Programmer's Blues: August 2010

Monday, August 23, 2010

The Marginal Unit of Testing

Dear Blogspot,

Here's a puzzle for you. If society benefits from the availability of water, why is a cup of water not provided everywhere? Sure, they will offer you one at eating establishments, but why not at bookstores, or electronics stores? Granted water is not free, but if it is so necessary for human survival, you'd think we would demand a glass upfront at every venue, just like we demand air to breathe wherever we go.

The reason we don't has to do with the costs versus the marginal benefit. Radio Shack would need to spend capital and recurring expenses to be able to offer something that most people would not even want to consume were it offered there. Meanwhile, the demand for drinks at restaurants is extremely high, due to the complementary good of Food that is consumed there. Put simply: the marginal benefit of that next glass of water, at most venues, is well below the cost of provision. Not at every venue, but at most.

This important economic insight applies equally to an important (and recently Hallowed and Revered, thanks to T.D.D.) object such as the Unit Test. A unit test, of course, is programming code written to test the functionality of other programming code. It is distinguished from integration or functional testing precisely because of the small segments of code that are the target of the unit tests. Unit Tests are almost always written by the same programmer who wrote (or will write) the code being tested.

Like water, unit tests are important. Also like water, the provision of unit tests is not free. However, unlike water, far too many developers (especially the last 5-10 years) would be Horrified to discover even one "venue" where unit tests are not provided for. This reflects, in my humble opinion dear Blogspot, a failure to think on the margin.

Like with Water and Radio Shack, spotting the most cost-inefficient places for unit tests is pretty easy: getters and setters, code that does trivial calculations, code that generates logs for developer purposes, or code whose failure is more cheaply spotted by integration testing (such as user interfaces), etc. Below this it gets rather fuzzy -- one might argue that code that has a high call count, has numerous dependencies, is modified frequently, has failed previously, or that performs a function whose failure would be disastrous are all great candidates for unit tests.

Either way, treating Unit Tests like Water and reasoning that "because they are important, they must be equally demanded in all situations" is both fallacious (see the Fallacy of Composition & Division) and a wasteful use of resources.

Thursday, August 5, 2010

Price Shopping

Dear Blogspot,

Today I looked at web site statistics. I saw interesting data, including numbers of page views, typical page navigation flows, and similar metrics. The web developer then tied those metrics directly into how his automated web site testing tool was configured. The output from the testing tool, combined with the metrics, then directly informed the time he spent improving and optimizing specific aspects of the web site. This started me thinking about whether such statistics might be useful in directing all web developer tasks.
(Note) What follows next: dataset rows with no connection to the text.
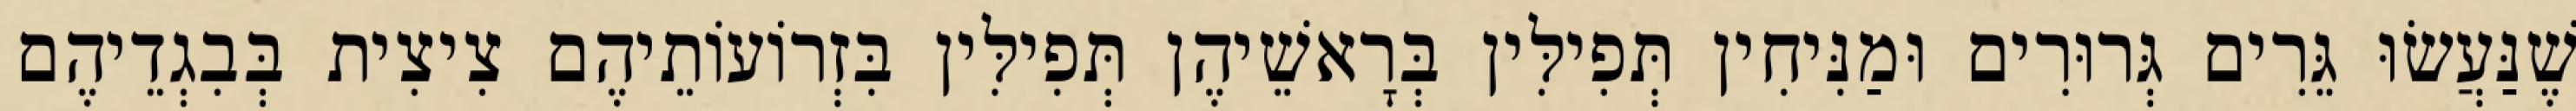
שֶׁנַּעֲשׂוּ גֵּרִים גְּרוּרִים וּמַנִּיחִין תְּפִילִּין בְּרָאשֵׁיהֶן תְּפִילִּין בִּזְרוֹעוֹתֵיהֶם צִיצִית בְּבִגְדֵיהֶם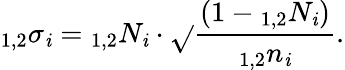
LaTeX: _{1,2}\sigma_{\mathit{i}}={_{1,2}N_{\mathit{i}}\cdot\sqrt{}{{\frac{{(1-{_{1,2}N_{\mathit{i}}})}}{{{_{1,2}n_{\mathit{i}}}}}}}}.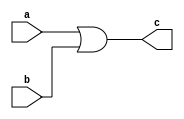
// ----- or gate ------- 
module ornazr(a,b,c);

input a , b  ;
output c ; 

or o1 (c,a,b);

endmodule 

//// ------ TESTBENCH  
module techtbechorgate ();

reg a,b ; 

wire c ; 

ornazr o1(a,b,c);

initial 
begin 

$monitor ("Time = %2d , A = %b , B=%b , C = %b", $time , a ,b,c);

      a=1'b0 ; b = 1'b0 ;  

#10   a=1'b0 ; b = 1'b1 ; 

#10   a=1'b1; b = 1'b0 ;

#10   a=1'b1 ; b = 1'b1 ;  

	end 

endmodule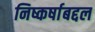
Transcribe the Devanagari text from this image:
निष्कर्षाबद्दल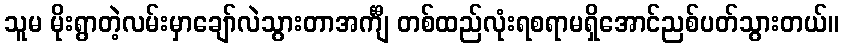
သူမ မိုးရွာတဲ့လမ်းမှာချော်လဲသွားတာအင်္ကျီ တစ်ထည်လုံးရစရာမရှိအောင်ညစ်ပတ်သွားတယ်။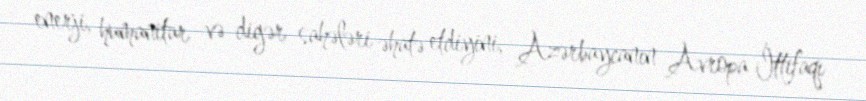
enerji, humanitar və digər sahələri əhatə etdiyini, Azərbaycanın Avropa İttifaqı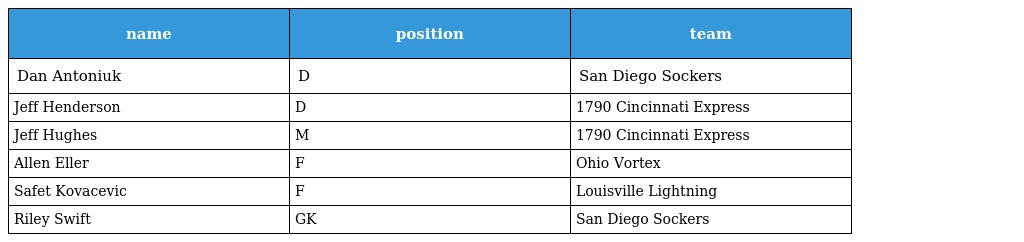
| name | position | team |
 | --- | --- | --- |
 | Dan Antoniuk | D | San Diego Sockers |
 | Jeff Henderson | D | 1790 Cincinnati Express |
 | Jeff Hughes | M | 1790 Cincinnati Express |
 | Allen Eller | F | Ohio Vortex |
 | Safet Kovacevic | F | Louisville Lightning |
 | Riley Swift | GK | San Diego Sockers |

In markets, prices are signals of public preference. Higher prices signal higher preference, and often cause more production effort in that direction. For a free public web site, especially one dedicated to an unreleased product, there are no prices anywhere to be found! Therefore, like the apparatchik economists of the 20th century, web developers have only statistics to approximate this function.

So, does this work? Is this a good approximation? Not even close...

In the first place, while usage statistics reflect demand, the only cost incurred by the free web page viewer is their time. Suppose that an attempt was made to make the site profitable by charging the user a fixed price for each page click. The (few) remaining web users viewing habits would change considerably, and the usage statistics would be radically altered. Higher value pages would gain considerably relative to lower value pages. Users would likely use bookmarks to skip index/portal-like pages in favor of going directly to the pages they want most.

In the second place, while usage statistics aggregate access, they do not approximate the intensity of the desire for the various pages viewed. In economics, this is called price elasticity. This is why, in our hypothetical pay-per-click site, the fixed page price would cause those pages that people value below the fixed price, such as the index and portal-like pages, to lose traffic relative to other pages.

Lastly, and this goes back to a previous blog post, demand determined from site statistics can not be used to determine the profitability of spending more developer time on even the most-viewed pages. This is due to the difficulty in comparing the market-cost of a developer's time with the time spent on particular pages. Perhaps maintaining the most popular pages have developer time costs that make such work unwarranted. Perhaps the developer should spend his time instead on NEW pages. Without prices at both ends of the equation, it's impossible to say.

Web statistics are very useful things. For the purposes that this particular web developer was putting them to, they were very near perfect. However, if such direct demand signals are otherwise useless in directing web developer tasks, how much harder is it to determine the best use of the time of non-web developers, who don't even have that?